**What the exercise asks:**
Wherever the string "fabric" shows up in the data below, copy the whole line.

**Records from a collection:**
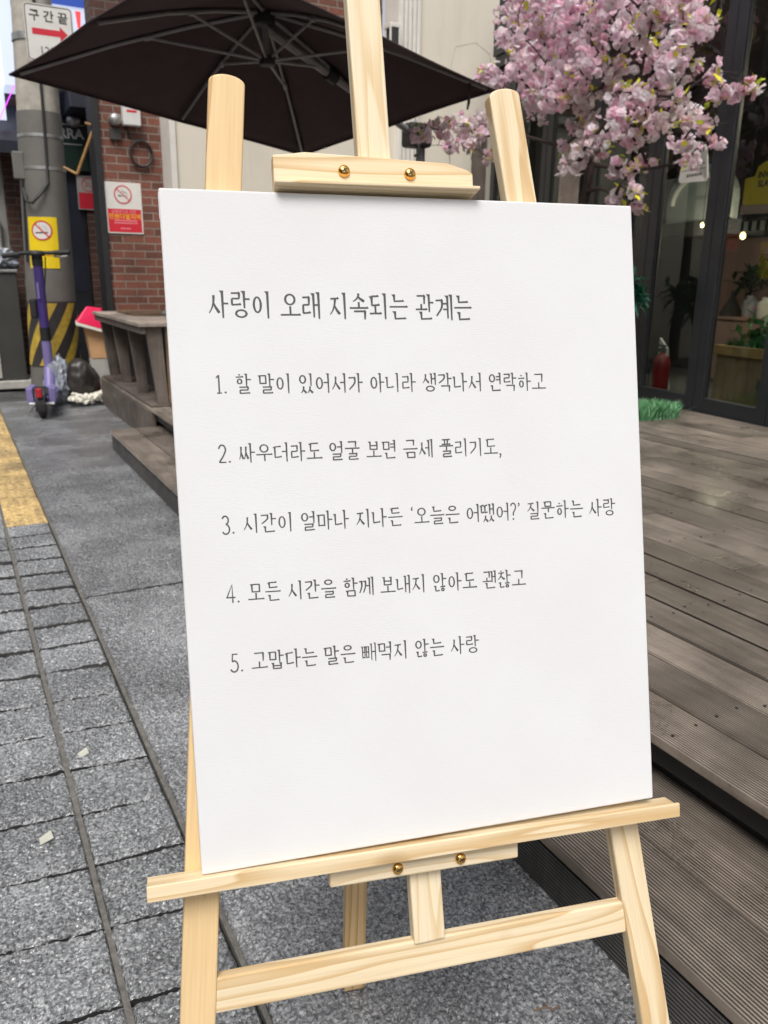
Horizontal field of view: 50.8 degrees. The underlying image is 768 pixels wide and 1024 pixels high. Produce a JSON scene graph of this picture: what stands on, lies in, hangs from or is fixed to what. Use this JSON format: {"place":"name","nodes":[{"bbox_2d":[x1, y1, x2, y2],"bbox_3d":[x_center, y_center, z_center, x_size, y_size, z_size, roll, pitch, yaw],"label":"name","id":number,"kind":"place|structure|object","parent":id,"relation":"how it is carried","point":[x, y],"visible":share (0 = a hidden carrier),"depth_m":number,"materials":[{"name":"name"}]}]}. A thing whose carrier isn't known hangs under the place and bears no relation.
{"place":"outdoors","nodes":[
{"label":"outdoors","id":0,"kind":"place"},
{"bbox_2d":[0,388,26,401],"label":"ground","id":1,"kind":"structure","parent":0,"point":[12,395],"depth_m":8.45,"materials":[{"name":"concrete"}]},
{"bbox_2d":[0,269,30,389],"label":"utility cabinet","id":2,"kind":"object","parent":1,"relation":"on","point":[13,371],"visible":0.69,"depth_m":8.59,"materials":[{"name":"metal"}]},
{"bbox_2d":[0,248,20,268],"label":"white sack","id":3,"kind":"object","parent":2,"relation":"on","point":[12,263],"visible":0.68,"depth_m":8.44,"materials":[{"name":"white plastic"}]},
{"bbox_2d":[10,0,91,385],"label":"utility pole","id":4,"kind":"object","parent":1,"relation":"on","point":[43,184],"visible":0.71,"depth_m":7.53,"materials":[{"name":"concrete"}]},
{"bbox_2d":[11,151,24,179],"bbox_3d":[-3.365,-3.190,7.442,0.100,0.240,0.070,-8,18,-27],"label":"junction box","id":5,"kind":"object","parent":4,"relation":"attached to","point":[18,165],"visible":1,"depth_m":7.41,"materials":[{"name":"grey metal"}]},
{"bbox_2d":[28,217,59,268],"bbox_3d":[-3.207,-2.532,7.603,0.272,0.460,0.056,-2,16,-11],"label":"pole sign","id":6,"kind":"object","parent":4,"relation":"attached to","point":[43,233],"visible":0.94,"depth_m":7.58,"materials":[{"name":"yellow plastic"}]},
{"bbox_2d":[23,2,73,59],"bbox_3d":[-2.965,-4.236,7.169,0.405,0.455,0.032,-8,18,-27],"label":"road sign","id":7,"kind":"object","parent":4,"relation":"attached to","point":[48,27],"visible":0.69,"depth_m":7.13,"materials":[{"name":"metal"}]},
{"bbox_2d":[83,0,381,373],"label":"brick building","id":8,"kind":"structure","parent":1,"relation":"on","point":[131,275],"depth_m":7.78,"materials":[{"name":"red brick"}]},
{"bbox_2d":[108,113,121,140],"bbox_3d":[-2.482,-3.565,7.471,0.110,0.225,0.115,-8,18,-27],"label":"dial meter","id":9,"kind":"object","parent":8,"relation":"attached to","point":[114,119],"visible":1,"depth_m":7.47,"materials":[{"name":"metal"}]},
{"bbox_2d":[104,181,143,233],"bbox_3d":[-2.483,-2.904,7.725,0.334,0.460,0.014,-8,18,-27],"label":"warning sign","id":10,"kind":"object","parent":8,"relation":"attached to","point":[123,200],"visible":1,"depth_m":7.72,"materials":[{"name":"plastic"}]},
{"bbox_2d":[121,106,140,126],"bbox_3d":[-2.355,-3.685,7.522,0.160,0.170,0.086,-8,18,-27],"label":"sign","id":11,"kind":"object","parent":8,"relation":"attached to","point":[131,117],"visible":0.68,"depth_m":7.49,"materials":[{"name":"white plastic"}]},
{"bbox_2d":[125,126,152,167],"bbox_3d":[-2.306,-3.445,7.639,0.240,0.359,0.032,-8,18,-27],"label":"cable coil","id":12,"kind":"object","parent":8,"relation":"attached to","point":[150,150],"visible":1,"depth_m":7.64,"materials":[{"name":"black rubber"}]},
{"bbox_2d":[160,0,499,200],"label":"cream wall","id":13,"kind":"structure","parent":1,"relation":"on","point":[457,36],"depth_m":8.36,"materials":[{"name":"beige paint"}]},
{"bbox_2d":[384,22,400,44],"bbox_3d":[0.080,-4.768,8.145,0.120,0.260,0.145,-8,18,-27],"label":"wall lantern","id":14,"kind":"object","parent":13,"relation":"attached to","point":[393,31],"depth_m":8.08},
{"bbox_2d":[156,415,767,845],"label":"deck frame","id":15,"kind":"object","parent":1,"relation":"on","point":[732,809],"depth_m":1.66,"materials":[{"name":"black metal"}]},
{"bbox_2d":[101,376,767,818],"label":"wooden deck","id":16,"kind":"structure","parent":15,"relation":"on","point":[707,664],"depth_m":2.51,"materials":[{"name":"brown wood"}]},
{"bbox_2d":[92,311,171,406],"bbox_3d":[-1.971,-1.321,6.724,0.515,0.600,2.050,-8,18,-27],"label":"deck counter","id":17,"kind":"object","parent":16,"relation":"on","point":[139,344],"visible":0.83,"depth_m":6.41,"materials":[{"name":"grey paint"}]},
{"bbox_2d":[116,309,164,315],"bbox_3d":[-2.068,-1.738,7.043,0.380,0.020,0.750,-8,18,-27],"label":"wooden board","id":18,"kind":"object","parent":17,"relation":"on","point":[156,312],"visible":0.76,"depth_m":6.82,"materials":[{"name":"brown wood"}]},
{"bbox_2d":[9,0,494,161],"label":"cantilever parasol","id":19,"kind":"object","parent":16,"relation":"on","point":[285,62],"visible":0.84,"depth_m":6.05,"materials":[{"name":"fabric"}]},
{"bbox_2d":[470,115,487,199],"bbox_3d":[0.938,-2.720,8.297,0.100,2.478,0.140,-6,17,-21],"label":"timber post","id":20,"kind":"object","parent":16,"relation":"on","point":[478,169],"visible":0.1,"depth_m":8.05,"materials":[{"name":"grey paint"}]},
{"bbox_2d":[558,139,580,203],"bbox_3d":[1.624,-2.224,7.318,0.060,2.088,0.230,-6,17,-21],"label":"timber post","id":21,"kind":"object","parent":16,"relation":"on","point":[568,187],"visible":0.11,"depth_m":7.07,"materials":[{"name":"wood"}]},
{"bbox_2d":[408,0,765,216],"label":"blossom tree","id":22,"kind":"object","parent":16,"relation":"on","point":[548,81],"visible":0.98,"depth_m":5.77,"materials":[{"name":"pink plant"}]},
{"bbox_2d":[489,0,767,427],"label":"shop building","id":23,"kind":"structure","parent":16,"relation":"on","point":[689,290],"depth_m":7.43,"materials":[{"name":"black glass"}]},
{"bbox_2d":[679,141,708,182],"bbox_3d":[2.237,-2.515,5.812,0.007,0.275,0.303,-6,17,-21],"label":"door tag","id":24,"kind":"object","parent":23,"relation":"attached to","point":[687,175],"depth_m":5.78,"materials":[{"name":"white plastic"}]},
{"bbox_2d":[661,164,763,238],"bbox_3d":[3.013,-2.845,7.402,0.400,0.610,0.900,-6,17,-21],"label":"arched panel","id":25,"kind":"object","parent":23,"relation":"in","point":[685,210],"visible":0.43,"depth_m":7.43,"materials":[{"name":"white plastic"}]},
{"bbox_2d":[700,15,726,226],"bbox_3d":[2.799,-3.287,6.860,0.034,1.645,0.034,-8,18,-27],"label":"glowing bulb","id":26,"kind":"object","parent":23,"relation":"hanging from","point":[702,224],"visible":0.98,"depth_m":6.94,"materials":[{"name":"white"}]},
{"bbox_2d":[710,316,766,378],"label":"display shelf","id":27,"kind":"object","parent":23,"relation":"on","point":[725,325],"visible":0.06,"depth_m":7.79,"materials":[{"name":"brown wood"}]},
{"bbox_2d":[718,291,740,316],"bbox_3d":[3.410,-2.044,7.922,0.220,0.240,0.219,-8,18,-27],"label":"jar","id":28,"kind":"object","parent":27,"relation":"on","point":[731,307],"visible":0.94,"depth_m":7.88,"materials":[{"name":"brown glass"}]},
{"bbox_2d":[741,296,758,317],"bbox_3d":[3.497,-1.962,7.713,0.150,0.200,0.149,-8,18,-27],"label":"jar","id":29,"kind":"object","parent":27,"relation":"on","point":[749,303],"visible":0.89,"depth_m":7.66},
{"bbox_2d":[756,297,767,318],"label":"jar","id":30,"kind":"object","parent":27,"relation":"on","point":[762,309],"visible":0.91,"depth_m":7.49,"materials":[{"name":"beige ceramic"}]},
{"bbox_2d":[724,254,767,298],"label":"trailing plant","id":31,"kind":"object","parent":23,"relation":"hanging from","point":[759,272],"visible":1,"depth_m":7.59,"materials":[{"name":"green plant"}]},
{"bbox_2d":[731,309,767,339],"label":"potted plant","id":32,"kind":"object","parent":23,"relation":"on","point":[756,333],"visible":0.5,"depth_m":7.05,"materials":[{"name":"green plant"}]},
{"bbox_2d":[740,161,767,214],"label":"yellow poster","id":33,"kind":"object","parent":23,"relation":"attached to","point":[755,197],"visible":1,"depth_m":6.07,"materials":[{"name":"yellow paper"}]},
{"bbox_2d":[740,216,767,231],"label":"striped awning","id":34,"kind":"object","parent":23,"relation":"attached to","point":[757,224],"visible":1,"depth_m":6.29,"materials":[{"name":"black fabric"}]},
{"bbox_2d":[740,38,767,238],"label":"glowing bulb","id":35,"kind":"object","parent":23,"relation":"hanging from","point":[742,235],"visible":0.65,"depth_m":6.39,"materials":[{"name":"white"}]},
{"bbox_2d":[633,267,651,317],"bbox_3d":[1.830,-1.380,6.302,0.382,1.037,0.567,-8,18,-27],"label":"leafy plant","id":36,"kind":"object","parent":16,"relation":"on","point":[639,293],"visible":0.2,"depth_m":6.08,"materials":[{"name":"green plant"}]},
{"bbox_2d":[647,344,669,389],"bbox_3d":[2.320,-1.198,6.812,0.139,0.418,0.179,-8,18,-27],"label":"fire extinguisher","id":37,"kind":"object","parent":16,"relation":"on","point":[660,371],"visible":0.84,"depth_m":6.75,"materials":[{"name":"red metal"}]},
{"bbox_2d":[638,397,688,420],"bbox_3d":[1.764,-0.726,5.692,0.837,0.121,0.509,-8,18,-27],"label":"turf patch","id":38,"kind":"object","parent":16,"relation":"on","point":[653,410],"visible":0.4,"depth_m":5.64,"materials":[{"name":"green plant"}]},
{"bbox_2d":[644,417,766,736],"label":"deck screws","id":39,"kind":"object","parent":16,"relation":"attached to","point":[673,735],"visible":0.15,"depth_m":2.97,"materials":[{"name":"black metal"}]},
{"bbox_2d":[712,336,765,406],"bbox_3d":[3.054,-1.029,6.064,0.677,0.524,0.918,-6,17,-21],"label":"planter crate","id":40,"kind":"object","parent":16,"relation":"on","point":[738,367],"visible":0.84,"depth_m":6.13,"materials":[{"name":"brown wood"}]},
{"bbox_2d":[0,1,101,373],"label":"neighbour building","id":41,"kind":"structure","parent":0,"point":[85,259],"depth_m":9.17,"materials":[{"name":"brick"}]},
{"bbox_2d":[0,0,15,119],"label":"side signboard","id":42,"kind":"object","parent":41,"relation":"attached to","point":[7,83],"visible":0.99,"depth_m":8.08,"materials":[{"name":"white"}]},
{"bbox_2d":[0,105,17,152],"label":"shop awning","id":43,"kind":"object","parent":41,"relation":"attached to","point":[8,137],"visible":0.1,"depth_m":8.29,"materials":[{"name":"fabric"}]},
{"bbox_2d":[51,0,84,90],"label":"lit signboard","id":44,"kind":"object","parent":41,"relation":"attached to","point":[76,7],"visible":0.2,"depth_m":8.33,"materials":[{"name":"blue"}]},
{"bbox_2d":[59,91,86,120],"bbox_3d":[-2.887,-4.431,8.801,1.120,0.259,0.747,-8,18,-27],"label":"door canopy","id":45,"kind":"object","parent":41,"relation":"attached to","point":[71,103],"visible":0.3,"depth_m":8.43,"materials":[{"name":"black metal"}]},
{"bbox_2d":[66,115,80,126],"bbox_3d":[-3.362,-4.224,8.747,0.150,0.110,0.148,-8,18,-27],"label":"bulkhead lamp","id":46,"kind":"object","parent":45,"relation":"attached to","point":[73,121],"visible":1,"depth_m":8.70,"materials":[{"name":"metal"}]},
{"bbox_2d":[62,121,89,171],"bbox_3d":[-3.565,-4.022,8.866,0.600,0.500,0.032,-8,18,-27],"label":"beer board","id":47,"kind":"object","parent":41,"relation":"attached to","point":[75,140],"visible":0.45,"depth_m":8.93,"materials":[{"name":"green"}]},
{"bbox_2d":[66,170,93,363],"bbox_3d":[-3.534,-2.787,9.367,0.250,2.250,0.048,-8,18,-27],"label":"door","id":48,"kind":"structure","parent":41,"relation":"in","point":[83,299],"depth_m":9.45,"materials":[{"name":"metal"}]},
{"bbox_2d":[76,175,93,209],"bbox_3d":[-3.346,-3.614,9.155,0.240,0.360,0.026,-8,18,-27],"label":"door notice","id":49,"kind":"object","parent":41,"relation":"attached to","point":[84,192],"depth_m":9.13,"materials":[{"name":"red paper"}]},
{"bbox_2d":[0,401,673,1023],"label":"pavement","id":50,"kind":"structure","parent":0,"point":[114,517],"depth_m":1.68,"materials":[{"name":"grey stone"}]},
{"bbox_2d":[1,250,69,417],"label":"kick scooter","id":51,"kind":"object","parent":50,"relation":"on","point":[40,398],"visible":0.98,"depth_m":7.32,"materials":[{"name":"purple metal"}]},
{"bbox_2d":[42,353,70,404],"bbox_3d":[-3.106,-1.274,7.702,0.304,0.477,0.275,6,17,17],"label":"rubbish bag","id":52,"kind":"object","parent":50,"relation":"on","point":[58,365],"visible":0.63,"depth_m":7.61,"materials":[{"name":"plastic"}]},
{"bbox_2d":[67,358,100,395],"bbox_3d":[-2.921,-1.274,7.805,0.354,0.425,0.354,-8,18,-27],"label":"rubbish bag","id":53,"kind":"object","parent":50,"relation":"on","point":[83,376],"visible":0.57,"depth_m":7.66,"materials":[{"name":"black plastic"}]},
{"bbox_2d":[69,400,102,406],"bbox_3d":[-2.843,-1.036,7.715,0.285,0.021,0.180,-8,18,-27],"label":"flat tray","id":54,"kind":"object","parent":50,"relation":"on","point":[74,404],"visible":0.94,"depth_m":7.65,"materials":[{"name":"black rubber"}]},
{"bbox_2d":[67,390,102,404],"bbox_3d":[-2.817,-1.085,7.678,0.350,0.137,0.189,-8,18,-27],"label":"foam garland","id":55,"kind":"object","parent":54,"relation":"on","point":[85,398],"visible":0.98,"depth_m":7.62},
{"bbox_2d":[83,327,109,401],"bbox_3d":[-2.765,-1.437,7.850,0.219,0.719,0.142,-8,18,-27],"label":"carton","id":56,"kind":"object","parent":50,"relation":"on","point":[98,361],"visible":0.33,"depth_m":7.76,"materials":[{"name":"cardboard"}]},
{"bbox_2d":[75,306,102,331],"bbox_3d":[-2.790,-1.830,7.695,0.307,0.246,0.225,-8,18,-27],"label":"red cover","id":57,"kind":"object","parent":56,"relation":"on","point":[85,318],"visible":0.66,"depth_m":7.61,"materials":[{"name":"plastic"}]},
{"bbox_2d":[101,379,156,428],"bbox_3d":[-2.176,-0.878,6.808,0.034,0.241,2.160,-8,18,-27],"label":"deck skirt","id":58,"kind":"object","parent":50,"relation":"on","point":[130,412],"visible":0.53,"depth_m":6.69,"materials":[{"name":"grey paint"}]},
{"bbox_2d":[0,523,261,1023],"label":"paving stones","id":59,"kind":"object","parent":50,"relation":"attached to","point":[56,965],"visible":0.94,"depth_m":1.81,"materials":[{"name":"grey stone"}]},
{"bbox_2d":[39,830,53,844],"bbox_3d":[-0.745,0.717,1.778,0.020,0.009,0.035,14,21,38],"label":"paper scrap","id":60,"kind":"object","parent":59,"relation":"on","point":[46,837],"visible":1,"depth_m":1.78,"materials":[{"name":"white paper"}]},
{"bbox_2d":[78,748,88,757],"bbox_3d":[-0.781,0.624,2.096,0.018,0.009,0.031,14,21,38],"label":"paper scrap","id":61,"kind":"object","parent":59,"relation":"on","point":[83,752],"visible":1,"depth_m":2.10,"materials":[{"name":"white paper"}]},
{"bbox_2d":[0,412,263,1023],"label":"paving joints","id":62,"kind":"object","parent":50,"relation":"attached to","point":[229,947],"depth_m":2.03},
{"bbox_2d":[0,513,3,526],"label":"paving stones","id":63,"kind":"object","parent":62,"relation":"on","point":[1,523],"visible":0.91,"depth_m":4.04,"materials":[{"name":"grey stone"}]},
{"bbox_2d":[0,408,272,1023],"bbox_3d":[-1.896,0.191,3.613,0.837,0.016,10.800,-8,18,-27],"label":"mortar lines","id":64,"kind":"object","parent":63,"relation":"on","point":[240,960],"visible":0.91,"depth_m":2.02,"materials":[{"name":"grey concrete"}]},
{"bbox_2d":[0,413,47,527],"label":"tactile paving","id":65,"kind":"structure","parent":62,"relation":"on","point":[20,504],"depth_m":4.63,"materials":[{"name":"yellow concrete"}]},
{"bbox_2d":[146,0,679,1023],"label":"wooden easel","id":66,"kind":"object","parent":50,"relation":"on","point":[370,166],"visible":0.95,"depth_m":1.02,"materials":[{"name":"brown wood"}]},
{"bbox_2d":[158,188,652,874],"bbox_3d":[0.054,0.011,1.024,0.607,0.781,0.213,-4,17,-15],"label":"lettered canvas","id":67,"kind":"object","parent":66,"relation":"on","point":[406,446],"visible":1,"depth_m":1.00,"materials":[{"name":"fabric"}]},
{"bbox_2d":[112,435,732,1023],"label":"step riser","id":68,"kind":"object","parent":50,"relation":"on","point":[550,873],"visible":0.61,"depth_m":1.55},
{"bbox_2d":[110,426,767,1023],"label":"wooden step","id":69,"kind":"object","parent":68,"relation":"on","point":[706,870],"visible":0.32,"depth_m":1.49,"materials":[{"name":"brown wood"}]},
{"bbox_2d":[534,1002,560,1011],"bbox_3d":[0.279,0.847,1.385,0.047,0.006,0.015,-1,16,-4],"label":"twig","id":70,"kind":"object","parent":50,"relation":"on","point":[546,1006],"visible":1,"depth_m":1.38,"materials":[{"name":"brown wood"}]},
{"bbox_2d":[382,0,385,36],"label":"sky","id":71,"kind":"structure","parent":0,"point":[383,1],"materials":[{"name":"white"}]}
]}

**Finished task:**
{"bbox_2d":[9,0,494,161],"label":"cantilever parasol","id":19,"kind":"object","parent":16,"relation":"on","point":[285,62],"visible":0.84,"depth_m":6.05,"materials":[{"name":"fabric"}]},
{"bbox_2d":[740,216,767,231],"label":"striped awning","id":34,"kind":"object","parent":23,"relation":"attached to","point":[757,224],"visible":1,"depth_m":6.29,"materials":[{"name":"black fabric"}]},
{"bbox_2d":[0,105,17,152],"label":"shop awning","id":43,"kind":"object","parent":41,"relation":"attached to","point":[8,137],"visible":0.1,"depth_m":8.29,"materials":[{"name":"fabric"}]},
{"bbox_2d":[158,188,652,874],"bbox_3d":[0.054,0.011,1.024,0.607,0.781,0.213,-4,17,-15],"label":"lettered canvas","id":67,"kind":"object","parent":66,"relation":"on","point":[406,446],"visible":1,"depth_m":1.00,"materials":[{"name":"fabric"}]},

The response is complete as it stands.